## Problem to solve
A complete answer retypes each of the records below precisely and includes none of the pictures.

## Stored data entries
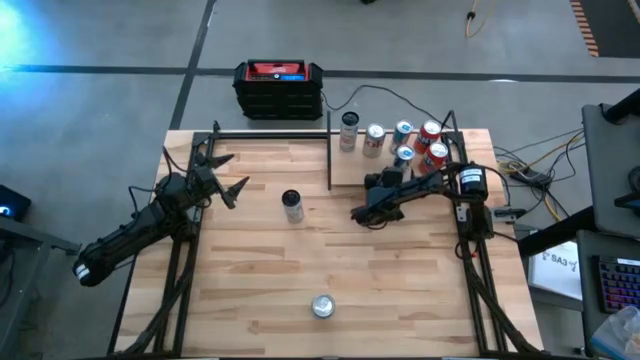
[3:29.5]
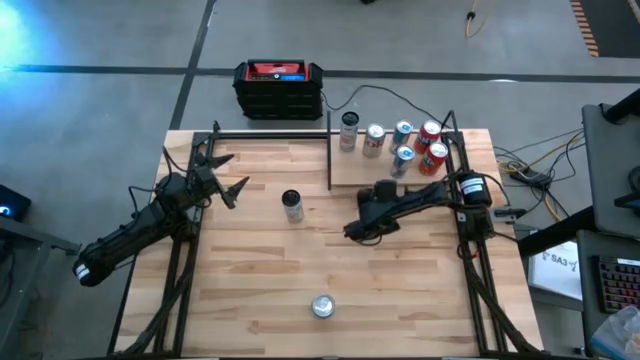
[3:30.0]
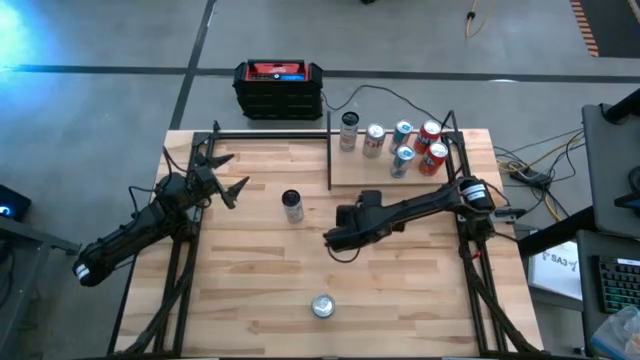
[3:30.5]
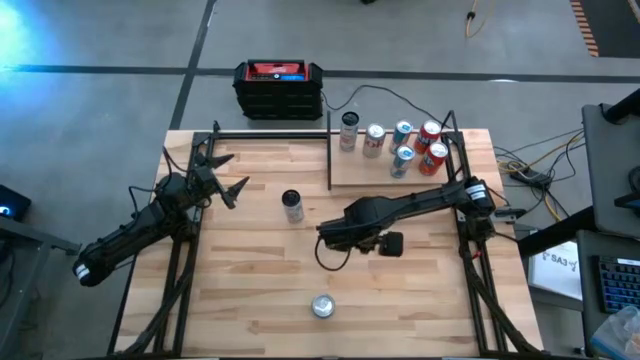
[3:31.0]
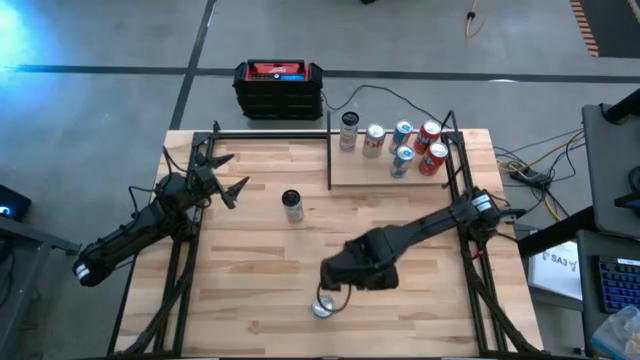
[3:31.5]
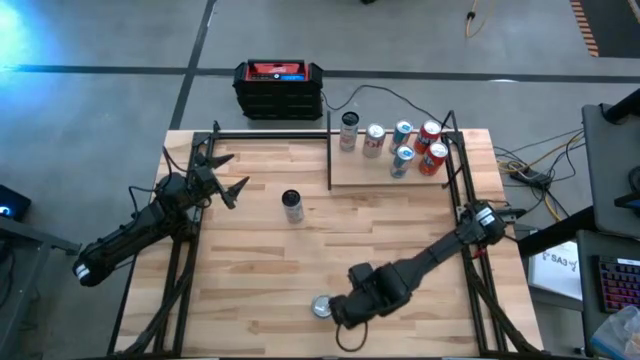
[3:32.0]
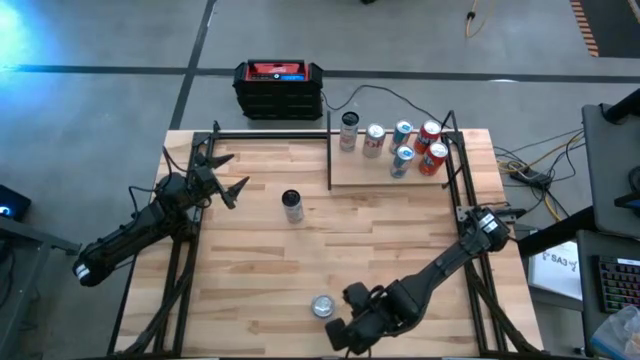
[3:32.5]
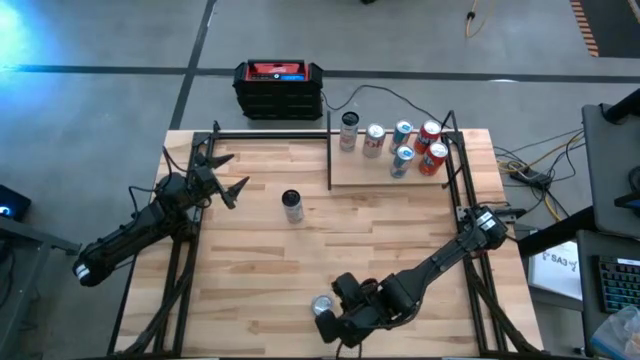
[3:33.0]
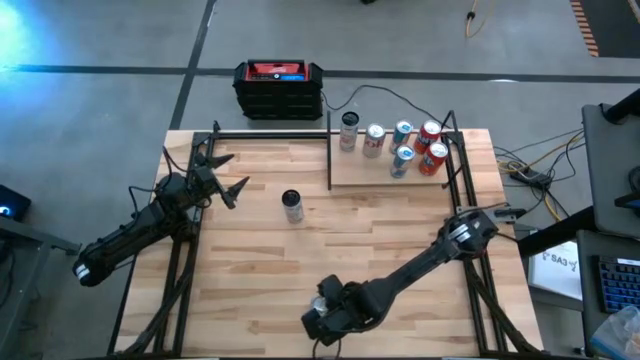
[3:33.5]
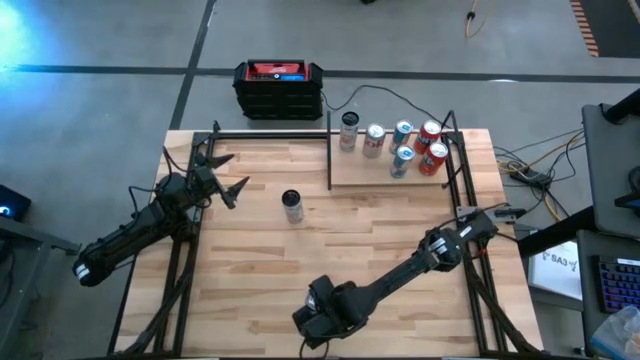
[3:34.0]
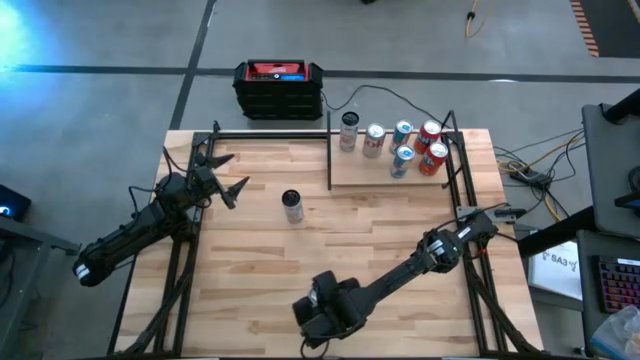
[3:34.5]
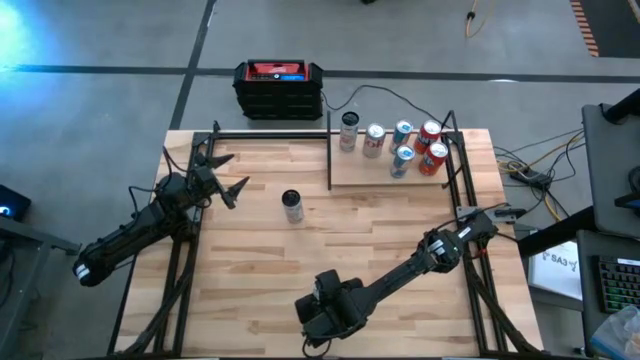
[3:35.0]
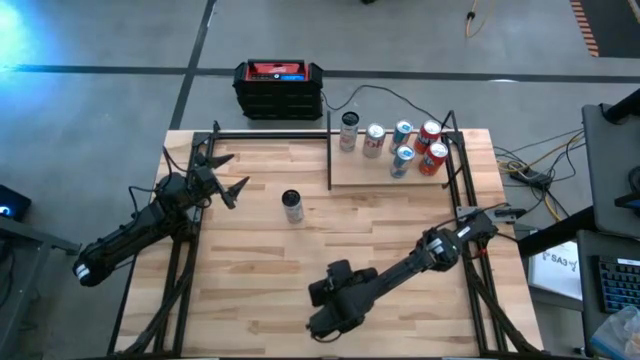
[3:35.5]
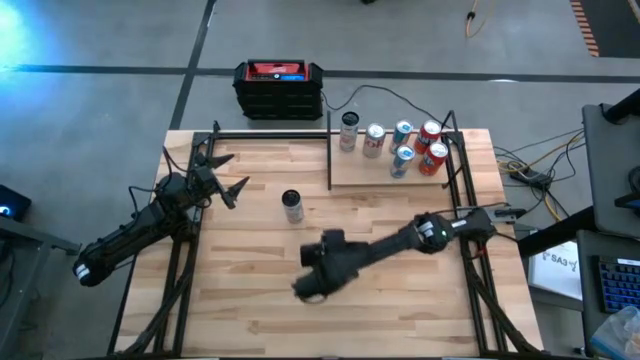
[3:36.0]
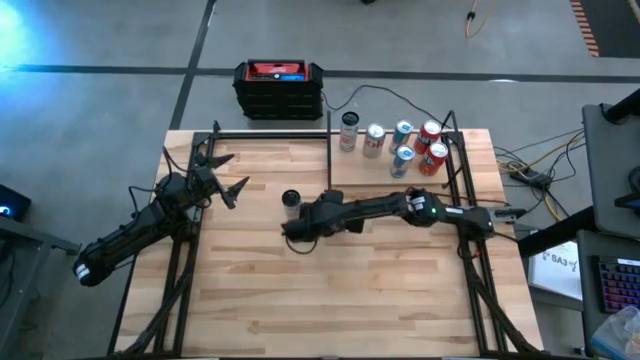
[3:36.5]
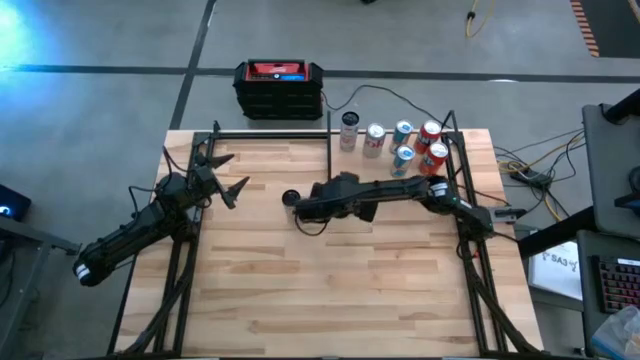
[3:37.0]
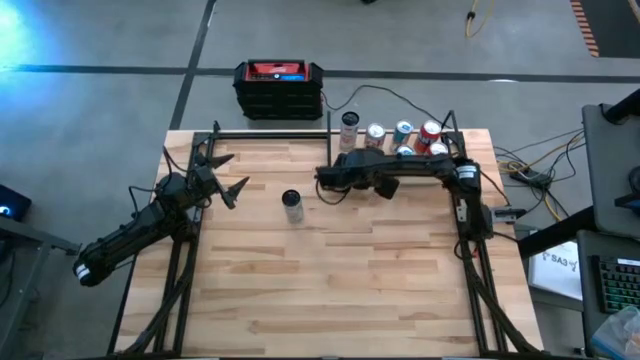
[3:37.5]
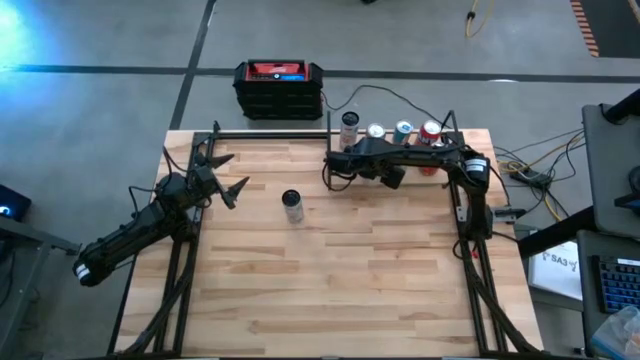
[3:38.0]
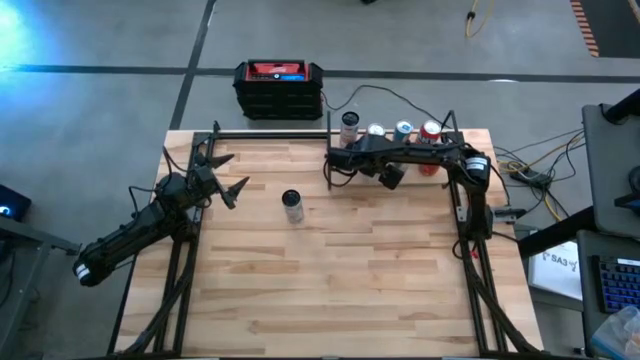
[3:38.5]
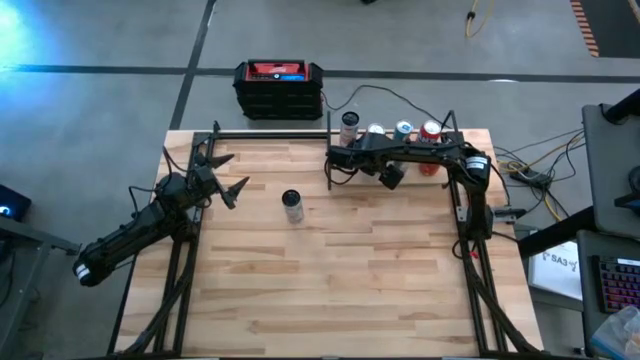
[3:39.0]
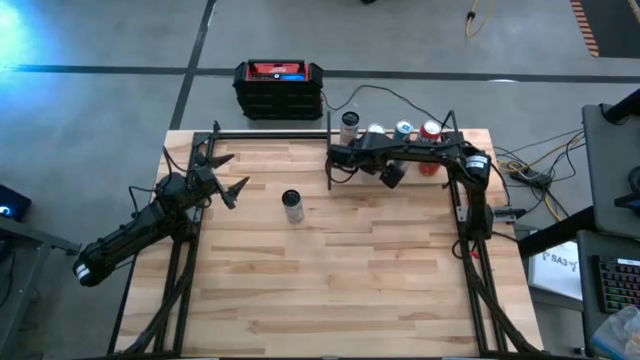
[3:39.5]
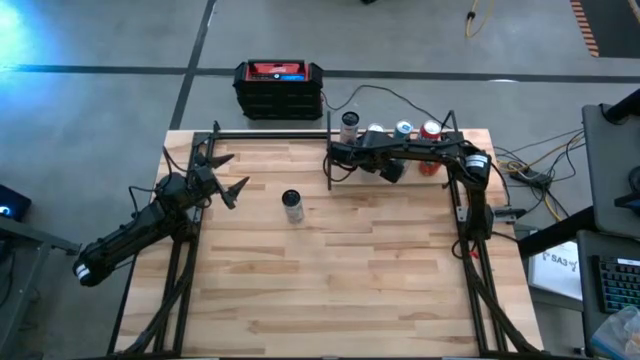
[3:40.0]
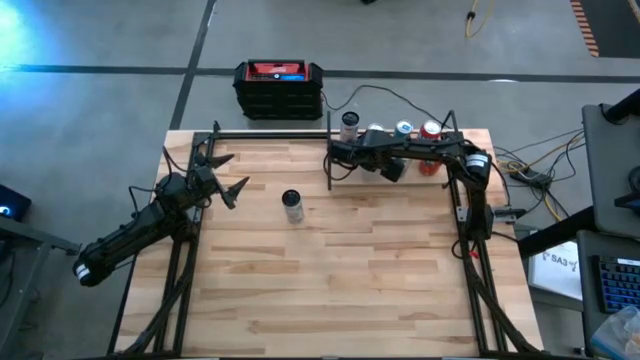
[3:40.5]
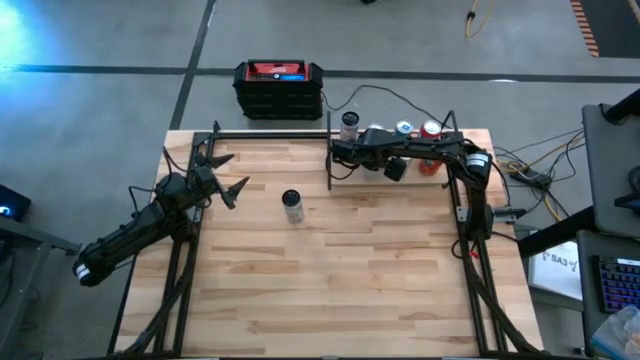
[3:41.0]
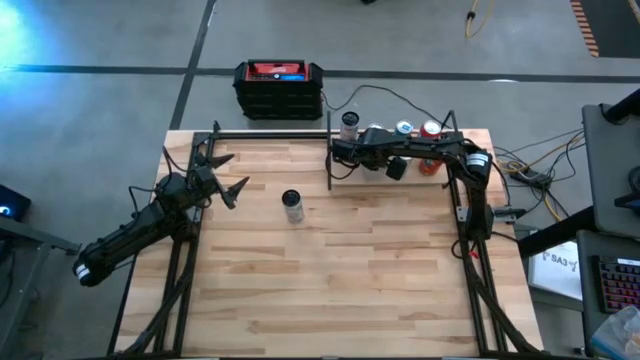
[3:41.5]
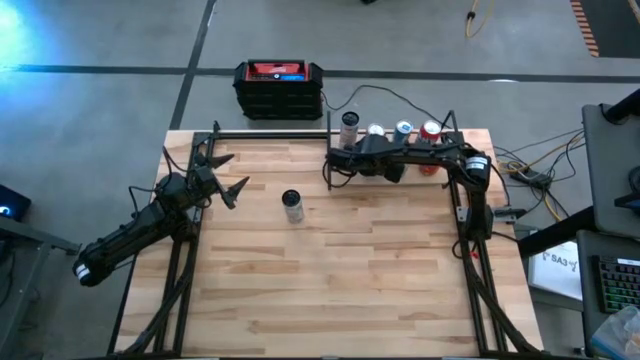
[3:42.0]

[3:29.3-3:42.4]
Task: Place canned beverage on shelf
Put the red silver soda can on the shelf aligned with the other silver soda can

## Your response
[3:29.5]
[3:30.0]
[3:30.5]
[3:31.0]
[3:31.5]
[3:32.0]
[3:32.5]
[3:33.0]
[3:33.5]
[3:34.0]
[3:34.5]
[3:35.0]
[3:35.5]
[3:36.0]
[3:36.5]
[3:37.0]
[3:37.5]
[3:38.0]
[3:38.5]
[3:39.0]
[3:39.5]
[3:40.0]
[3:40.5]
[3:41.0]
[3:41.5]
[3:42.0]

[3:29.3-3:42.4]
Task: Place canned beverage on shelf
Put the red silver soda can on the shelf aligned with the other silver soda can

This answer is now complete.